# Using the HTAN Data Portal

The HTAN Data Portal provides access to all open access HTAN data. To get started, go to: https://data.humantumoratlas.org/explore.

To orient you to the HTAN Data Portal, consider the example of accessing precancerous polyp data from Vanderbilt University, as described in their recent Cell publication.

By default, HTAN data is organized by research center:

HTAN Portal: Home Page
HTAN Portal: Home Page

If you scroll down on the page, you will see Vanderbilt University:

HTAN Portal: Vanderbilt Atlas
HTAN Portal: Vanderbilt Atlas

As of this writing, you can see that the Vanderbilt Colon Atlas project has 90 cases and 193 biospecimens.

# Downloading Metadata

Once you have identified the project of interest, you can click the download metadata button:

HTAN Portal: Download Metadata
HTAN Portal: Download Metadata

You will then be prompted with a dialog box of all metadata associated with the specified project. For example:

HTAN Portal: Metadata Table
HTAN Portal: Metadata Table

Behind the scenes, HTAN leverages the Synapse Platform created and maintained by Sage Bionetworks. Each piece of HTAN data is automatically assigned a unique Synapse identifier, such as syn25010909. In the screenshot above, you can see that the Vanderbilt project has multiple metadata files, each associated with a unique Synapse identifier.

If you click on any of the Synapse links above, you can immediately download a comma separated value (CSV) file associated with the metadata category. There is no need to create a Synapse account or log into Synapse. For example, here we have download the Vanderbilt biospecimen file and loaded it into Excel:

HTAN Tabular Data within Excel
HTAN Tabular Data within Excel

Once you have downloaded metadata files, you can parse them in your favorite programming language, such as R or Python. To understand the individual columns within each metadata file, please refer to the HTAN Data Model.
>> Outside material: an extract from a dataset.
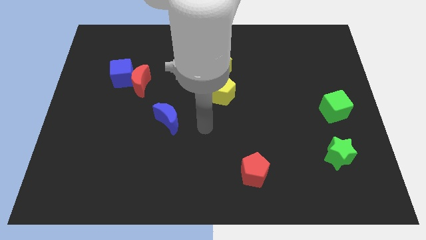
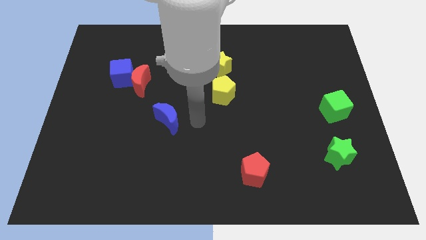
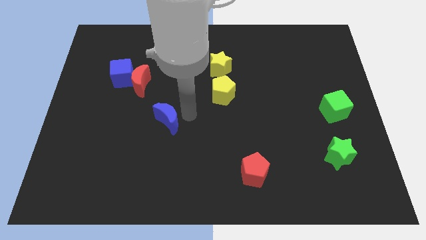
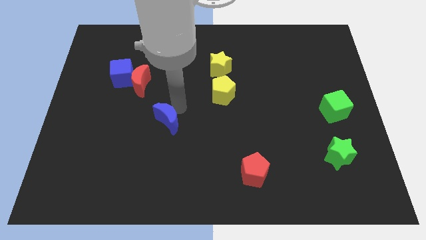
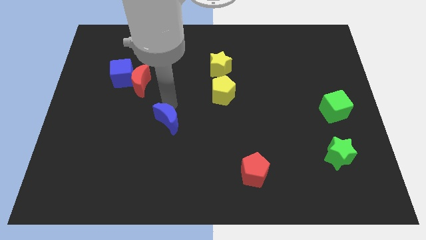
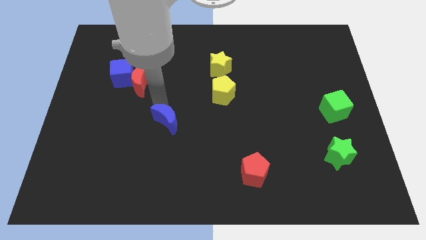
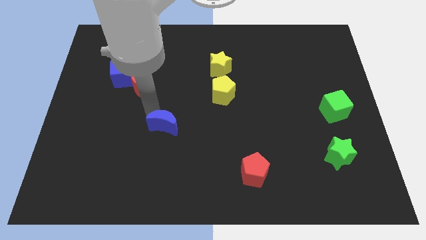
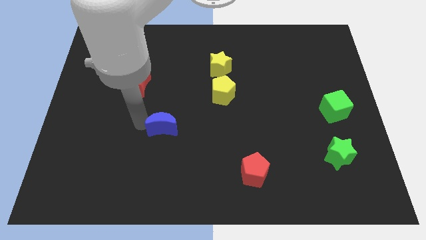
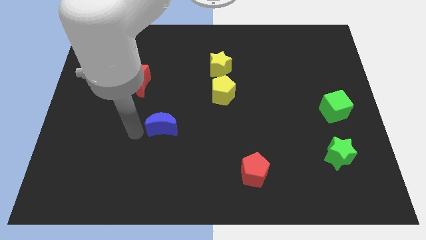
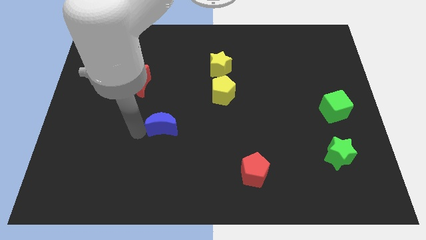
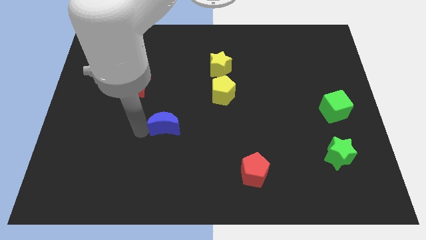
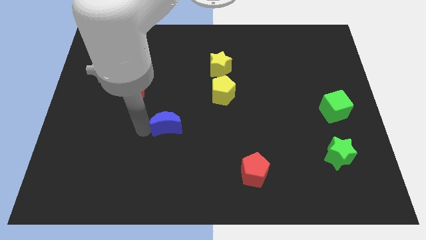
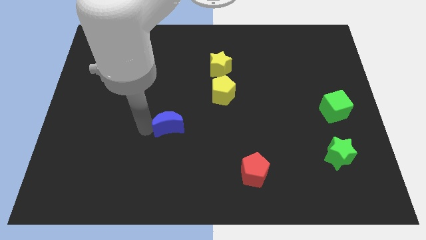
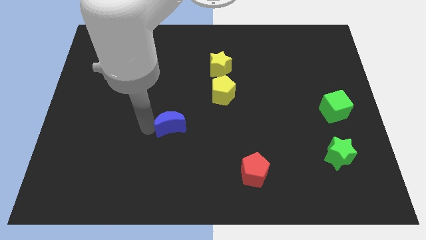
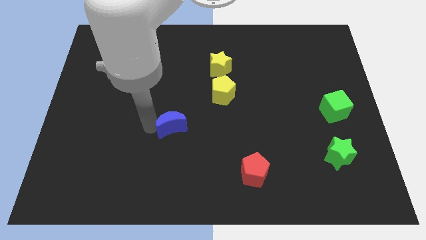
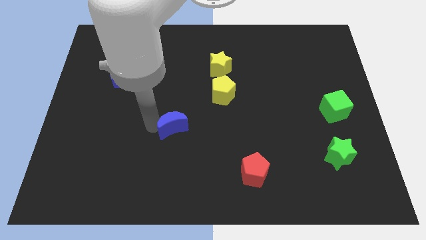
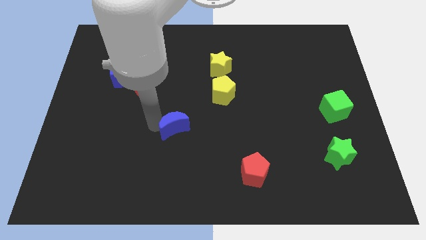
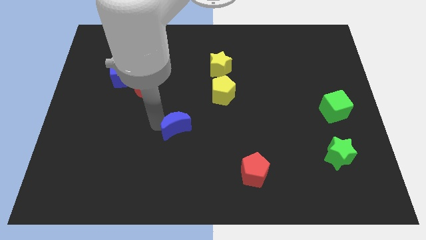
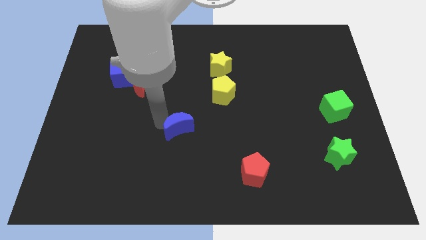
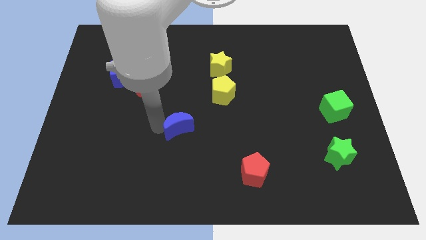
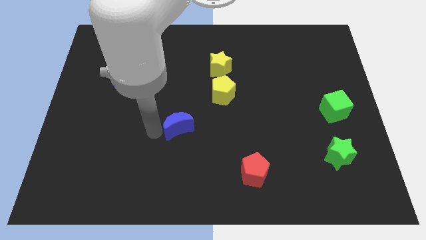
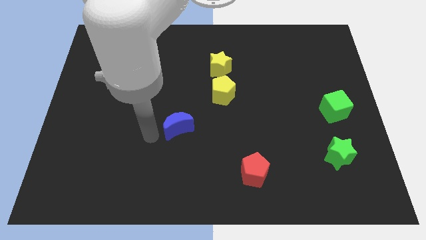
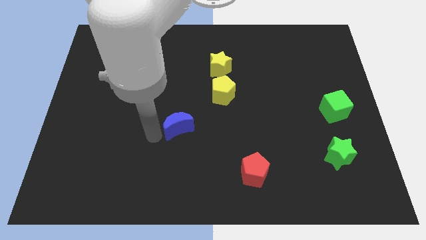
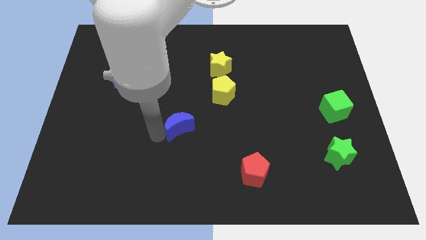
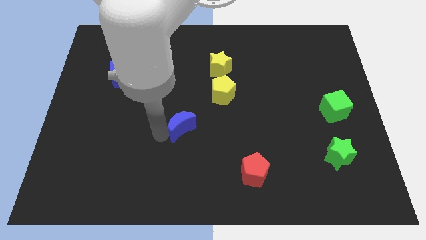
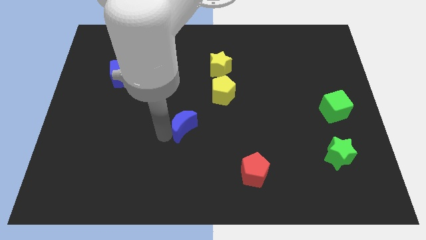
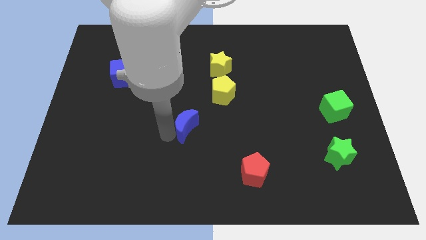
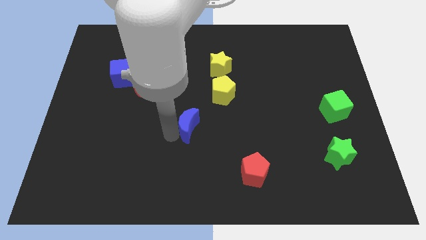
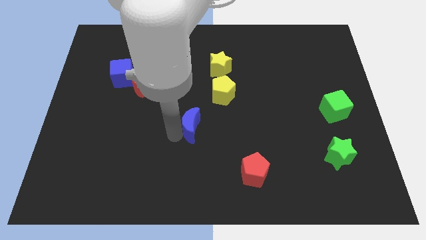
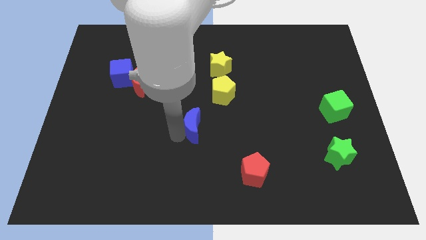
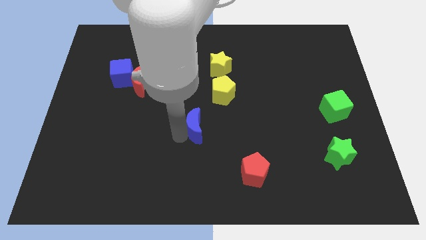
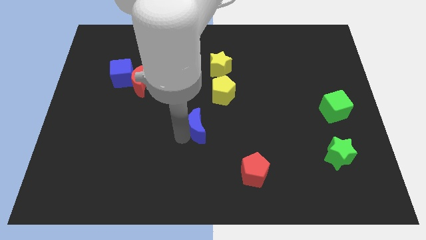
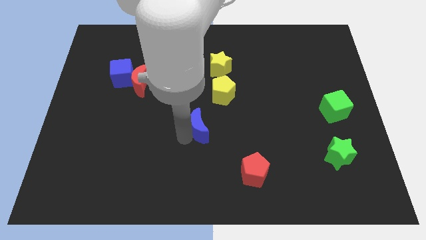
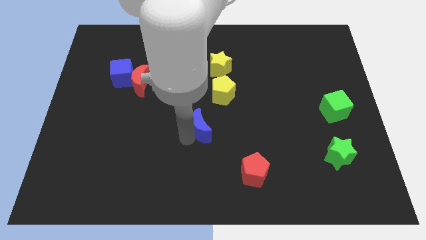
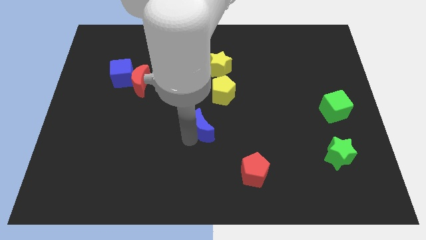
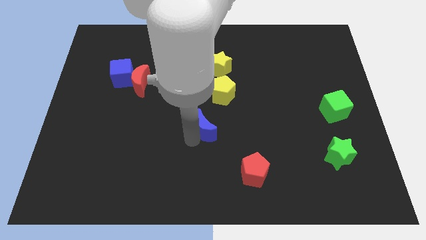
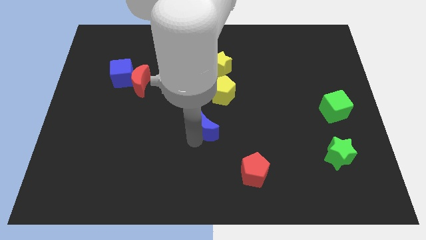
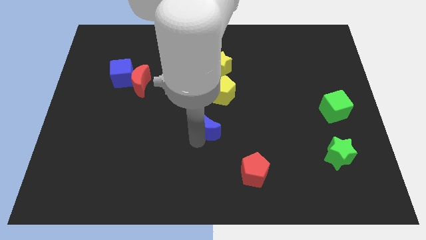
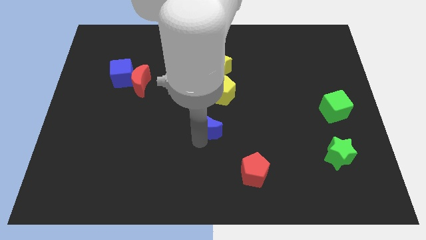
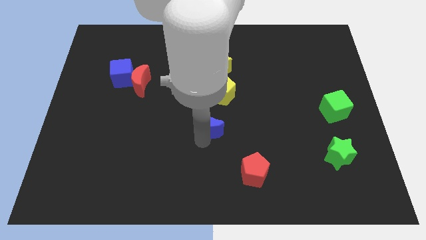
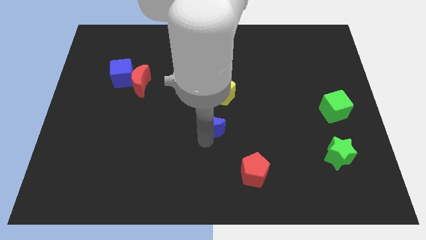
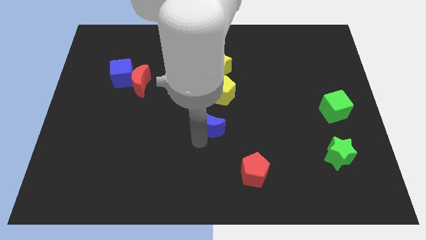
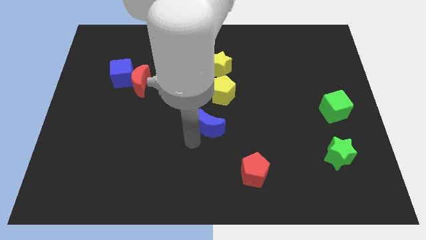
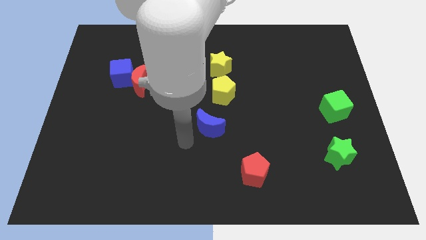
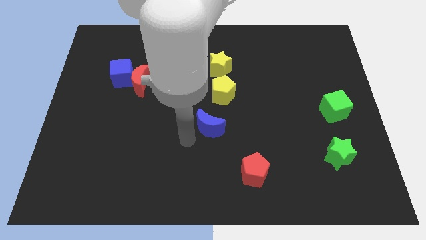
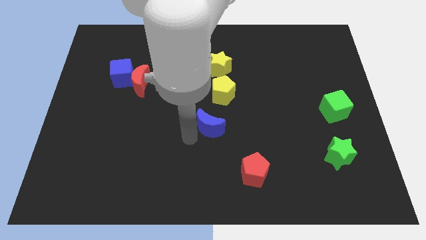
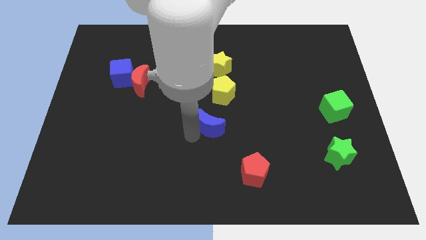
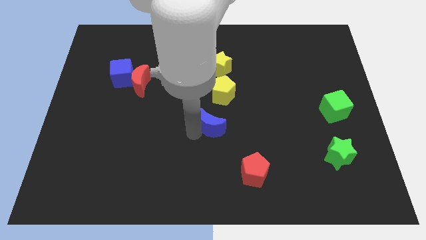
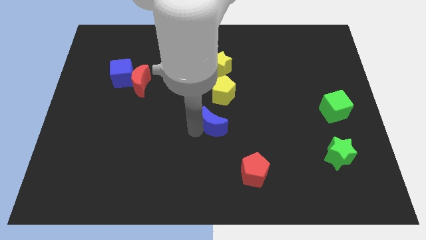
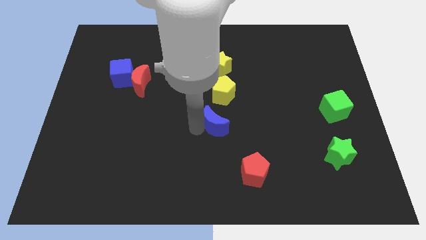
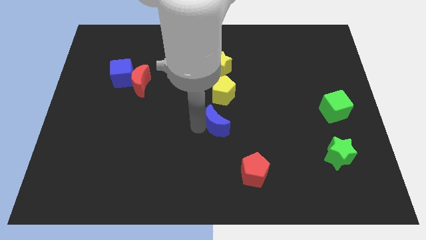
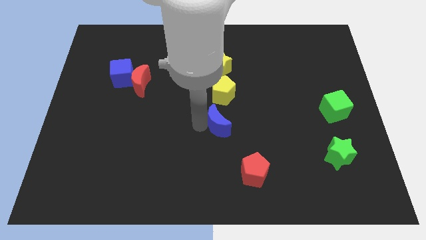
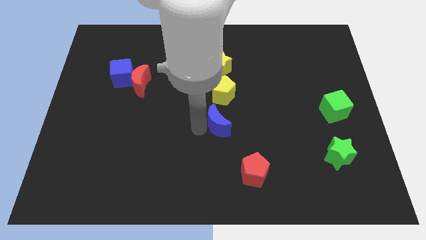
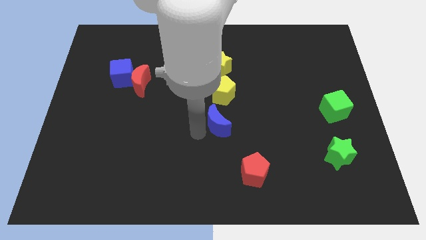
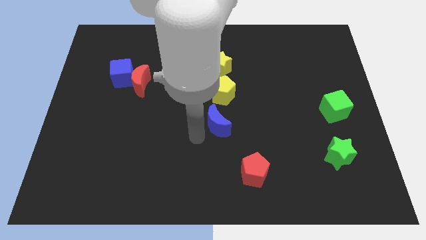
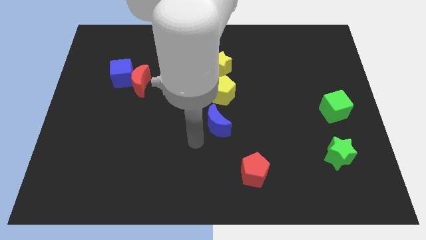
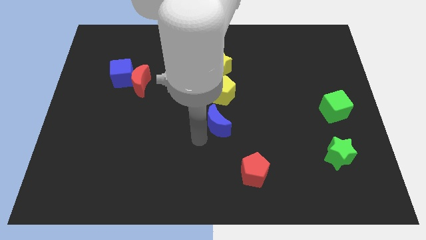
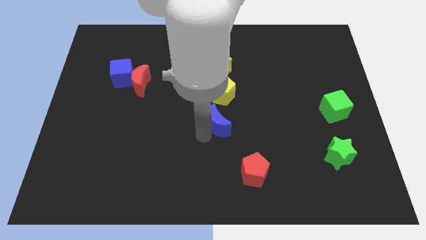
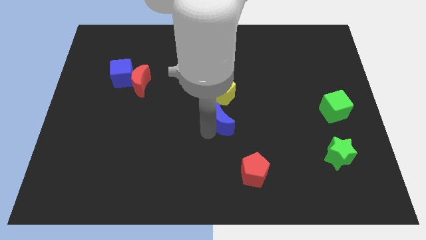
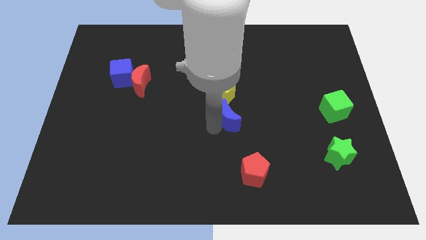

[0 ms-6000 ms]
slide the blue moon diagonally down and to the right of the yellow pentagon

# Exploring Available Data

The HTAN Data Portal provides a unified interface for filtering and exploring HTAN data sets. Each filter is available at the top of the page:

HTAN Portal:  Filters
HTAN Portal: Filters

To get started, you can click the Atlas pull-down menu, and select the Vanderbilt HTAN center:

HTAN Portal:  Filter by HTAN Center
HTAN Portal: Filter by HTAN Center

Your selection will now be reflected in the user interface:

HTAN Portal:  Filter by Vanderbilt University
HTAN Portal: Filter by Vanderbilt University

If you click the Cases or Biospecimens tabs, you can browse available metadata. Clicking the Files tab will take you to an interactive table listing all files available for download.

HTAN Portal:  Files Tab
HTAN Portal: Files Tab

At this point, the Files tab is likely to contain hundreds of files, and may be difficult to navigate. You can further refine the files table by clicking on the Assay Type or File Type filters. This will trigger pop-up windows that describe the assay and file type categories available within the Vanderbilt project. For example, if you click Assay Type you will see:

HTAN Portal:  Filter by Assay Type
HTAN Portal: Filter by Assay Type

Data that is available within the Vanderbilt project is set to bold. You can therefore see that the Vanderbilt project has Bulk DNA, H&E Images, Multiplex ImmunoFluorescence images and Single Cell RNA Seq Data.

If you click scRNA-seq, the file table will automatically update. You can then select the File Type filter to drill-down even further:

HTAN Portal:  Filter by File Type
HTAN Portal: Filter by File Type

Clicking Level 4 here will now filter the File table to only include Level 4 sequencing data that consists of Single Cell RNA Seq h5ad formatted files:

HTAN Portal:  Multiple Filters Enabled
HTAN Portal: Multiple Filters Enabled

Note that you can remove any existing filters by clicking on any of the “chips” in the page header. For example, if you want to remove the Level 4 filter, just click the Level 4 chip:

HTAN Portal:  Removing Filters
HTAN Portal: Removing Filters

Clicking View Details on any of these files will pop open a metadata table. For example:

HTAN Portal:  Metadata Details
HTAN Portal: Metadata Details

# Downloading Open Access Data

Once you have specified your filter criteria, the Files tab will display all matching files. At this point, you may see two types of files:

  • Open Access Files; and
  • Access Controlled Files

Once registered and logged into Synapse, you can then click through from the HTAN Data Portal to the corresponding page on Synapse. For example, this CSV file corresponds to single cell data generated by the Vanderbilt project:

Synapse Page
Synapse Page

You can click the Download Options button to download the file. To retrieve the same file via R, Python or via the command line, click the Download Options button and select Programmatic Options.

To download access-controlled files, please refer to Access Controlled Data Access.